There are currently 37,400 medical marijuana users recognized by the department, but officials project that number will swell more than 10-fold, to as many as 450,000 people, by 2024.
The profit potential is enormous. A gram of dried marijuana bud on the street sells for about $10 and Health Canada projects the legal stuff will average about $7.60 next year, as producers set prices without interference from government.
Chuck Rifici of Tweed Inc. has applied for a licence to produce medical weed in an abandoned Hershey chocolate factory in hard-scrabble Smiths Falls, Ont.
Rifici, who is also a senior adviser to Trudeau, was cited in a Conservative cabinet minister's news release Friday that said the Liberals plan to "push pot," with no reference to Health Canada's own encouragement of marijuana entrepreneurs.
Rifici says he's trying to help a struggling community by providing jobs while giving suffering patients a quality product.
"There's a real need," he said in an interview. "You see what this medicine does to them."
Tweed Inc. proposes to produce at least 20 strains to start, and will reserve 10 per cent of production for compassionate, low-cost prescriptions for impoverished patients, he says.
Patients often use several grams a day to alleviate a wide range of symptoms, including cancer-related pain and nausea. They'll no longer be allowed to grow it for themselves under the new rules.
Revenues for the burgeoning new industry are expected to hit $1.3 billion a year by 2024, according to federal projections. And operators would be favourably positioned were marijuana ever legalized for recreational use, as it has been in two American states.
Eric Nash of Island Harvest in Duncan, B.C., has applied for one of the new licences, banking on his experience as a licenced grower since 2002 in the current system.
"The opportunity in the industry is significant," he said in an interview.
"We'll see a lot of moving and shaking within the industry, with companies positioning. And I think we'll see some mergers and acquisitions, strategic alliances formed."
"It'll definitely yield benefits to the consumers and certainly for the economy and society in general."

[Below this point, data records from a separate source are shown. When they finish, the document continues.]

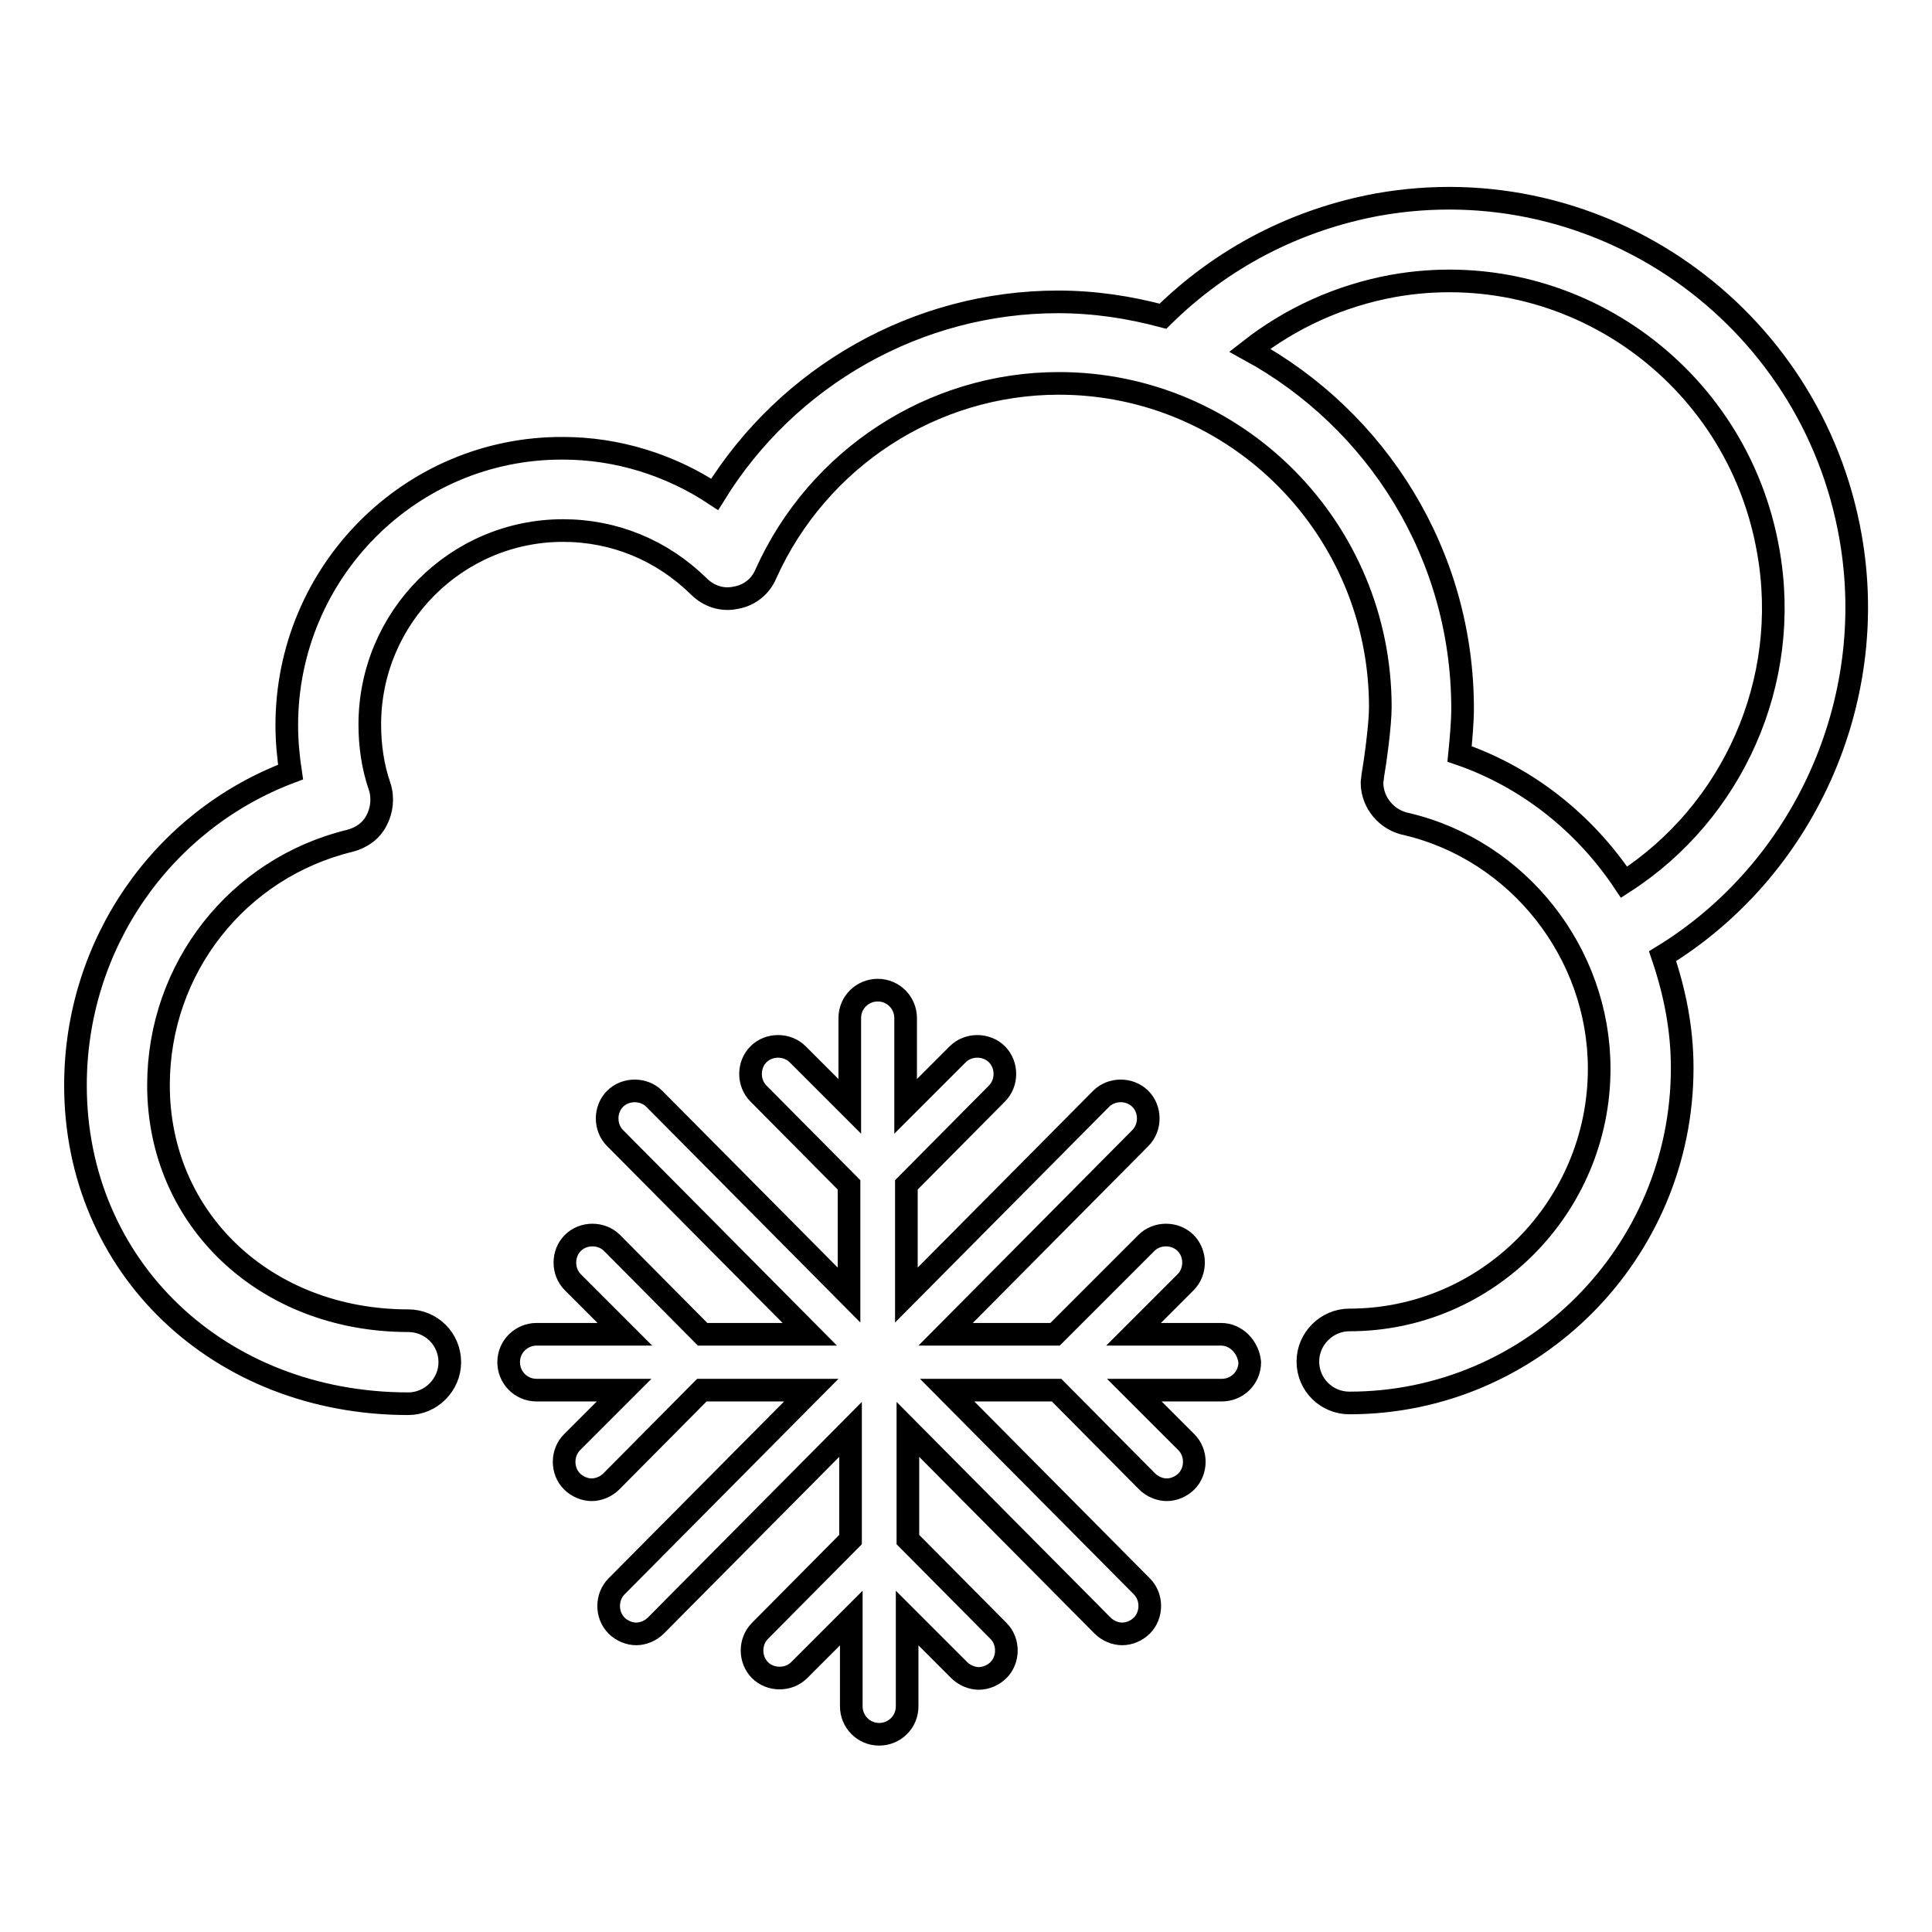 <?xml version="1.0" encoding="utf-8"?>
<!-- Svg Vector Icons : http://www.onlinewebfonts.com/icon -->
<!DOCTYPE svg PUBLIC "-//W3C//DTD SVG 1.1//EN" "http://www.w3.org/Graphics/SVG/1.1/DTD/svg11.dtd">
<svg version="1.1" xmlns="http://www.w3.org/2000/svg" xmlns:xlink="http://www.w3.org/1999/xlink" x="0px" y="0px" viewBox="0 0 256 256" enable-background="new 0 0 256 256" xml:space="preserve">
<g><g><path stroke-width="3" fill-opacity="0" stroke="#000000"  d="M161.8,176.8h-11.6l6.9-6.9c1.4-1.4,1.4-3.8,0-5.2c-1.4-1.4-3.8-1.4-5.2,0l-12.1,12.1h-14.5l25.8-26c1.4-1.4,1.4-3.8,0-5.2c-1.4-1.4-3.8-1.4-5.2,0l-25.8,26V157l12-12.1c1.4-1.4,1.4-3.8,0-5.2c-1.4-1.4-3.8-1.4-5.2,0l-6.9,6.9v-11.7c0-2-1.6-3.7-3.7-3.7c-2,0-3.7,1.6-3.7,3.7v11.7l-6.9-6.9c-1.4-1.4-3.8-1.4-5.2,0c-1.4,1.4-1.4,3.8,0,5.2l12,12.1v14.6l-25.8-26c-1.4-1.4-3.8-1.4-5.2,0c-1.4,1.4-1.4,3.8,0,5.2l25.8,26H93.1l-12-12.1c-1.4-1.4-3.8-1.4-5.2,0c-1.4,1.4-1.4,3.8,0,5.2l6.9,6.9H71.1c-2,0-3.7,1.6-3.7,3.7c0,2,1.6,3.7,3.7,3.7h11.6l-6.9,6.9c-1.4,1.4-1.4,3.8,0,5.2c0.7,0.7,1.7,1.1,2.6,1.1c0.9,0,1.9-0.4,2.6-1.1l12-12.1h14.5l-25.8,26c-1.4,1.4-1.4,3.8,0,5.2c0.7,0.7,1.7,1.1,2.6,1.1c0.9,0,1.9-0.4,2.6-1.1l25.8-26V204l-12,12.1c-1.4,1.4-1.4,3.8,0,5.2c1.4,1.4,3.8,1.4,5.2,0l6.9-6.9v11.7c0,2,1.6,3.7,3.7,3.7c2,0,3.7-1.6,3.7-3.7v-11.7l6.9,6.9c0.7,0.7,1.7,1.1,2.6,1.1s1.9-0.4,2.6-1.1c1.4-1.4,1.4-3.8,0-5.2l-12-12.1v-14.6l25.8,26c0.7,0.7,1.7,1.1,2.6,1.1s1.9-0.4,2.6-1.1c1.4-1.4,1.4-3.8,0-5.2l-25.8-26h14.5l12,12.1c0.7,0.7,1.7,1.1,2.6,1.1s1.9-0.4,2.6-1.1c1.4-1.4,1.4-3.8,0-5.2l-6.9-6.9h11.6c2,0,3.7-1.6,3.7-3.7C165.4,178.5,163.8,176.8,161.8,176.8z"/><path stroke-width="3" fill-opacity="0" stroke="#000000"  d="M245.2,71.1c-5.2-29.5-33.3-49.2-62.6-44c-10.9,2-20.7,7.1-28.5,14.8c-4.5-1.2-9.1-1.9-13.9-1.9c-18.6,0-35.8,9.8-45.5,25.5c-5.9-3.9-12.9-6.1-20.1-6.1C54.4,59.3,38,75.8,38,96.1c0,2.1,0.2,4.2,0.5,6.2C21.5,108.7,10,125.1,10,143.8c0,24.1,19,42.2,44.1,42.2c3,0,5.5-2.5,5.5-5.5c0-3.1-2.5-5.5-5.5-5.5C35.2,175,21,161.6,21,143.8c0-15.5,10.5-28.8,25.4-32.4c1.5-0.4,2.8-1.3,3.5-2.7c0.7-1.3,0.9-3,0.4-4.5c-0.9-2.6-1.3-5.4-1.3-8.2c0-14.2,11.5-25.7,25.6-25.7c6.8,0,13.1,2.6,18,7.4c1.3,1.3,3.1,1.9,4.9,1.5c1.8-0.3,3.3-1.5,4-3.2c6.9-15.3,22.1-25.2,38.8-25.2c23.5,0,42.6,19.2,42.6,42.9c0,2.4-0.7,7.4-1,9.1c0,0.3-0.1,0.6-0.1,0.9c0,2.7,2,5,4.6,5.5c14.8,3.5,25.5,17.1,25.5,32.4c0,18.3-14.8,33.3-33.1,33.3c-3,0-5.5,2.5-5.5,5.5c0,3.1,2.5,5.5,5.5,5.5c24.3,0,44.1-19.9,44.1-44.4c0-5.2-1-10.1-2.6-14.8C238.9,115.3,249.1,93.1,245.2,71.1z M215.2,116.9c-5.2-7.8-12.8-13.9-21.8-17c0.2-2,0.4-4.3,0.4-6c0-20.5-11.4-38.3-28.2-47.5c5.5-4.3,11.9-7.2,18.9-8.5c23.4-4.2,45.7,11.6,49.8,35.1C237.4,90.3,229.6,107.6,215.2,116.9z"/></g></g>
</svg>

Veterans Affairs Canada currently pays for medical marijuana for some patients, even though the product lacks official drug status. Some provinces are also being pressed to cover costs, as many users are too sick to work and rely on welfare.
Health Canada currently sells medical marijuana, produced on contract by Prairie Plant Systems, for $5 a gram, and acknowledges the new system will be more expensive for patients.
But Galarneau says competition will help keep prices in check.
"We expect that over time, prices will be driven down by the free market," she said. "The lower price range will likely be around $3 a gram. ... It's hard to predict."
Saskatoon-based Prairie Plant Systems, and its subsidiary CanniMed Ltd., were granted the first two licences under the system and are already advertising their new products on the web.
Prospective patients, including those under the current system, must get a medical professional to prescribe medical marijuana using a government-approved form.
Health Canada only reluctantly established its medical marijuana program, driven by court decisions from 2001 forward that supported the rights of suffering patients, even as medical science has been slow to verify efficacy.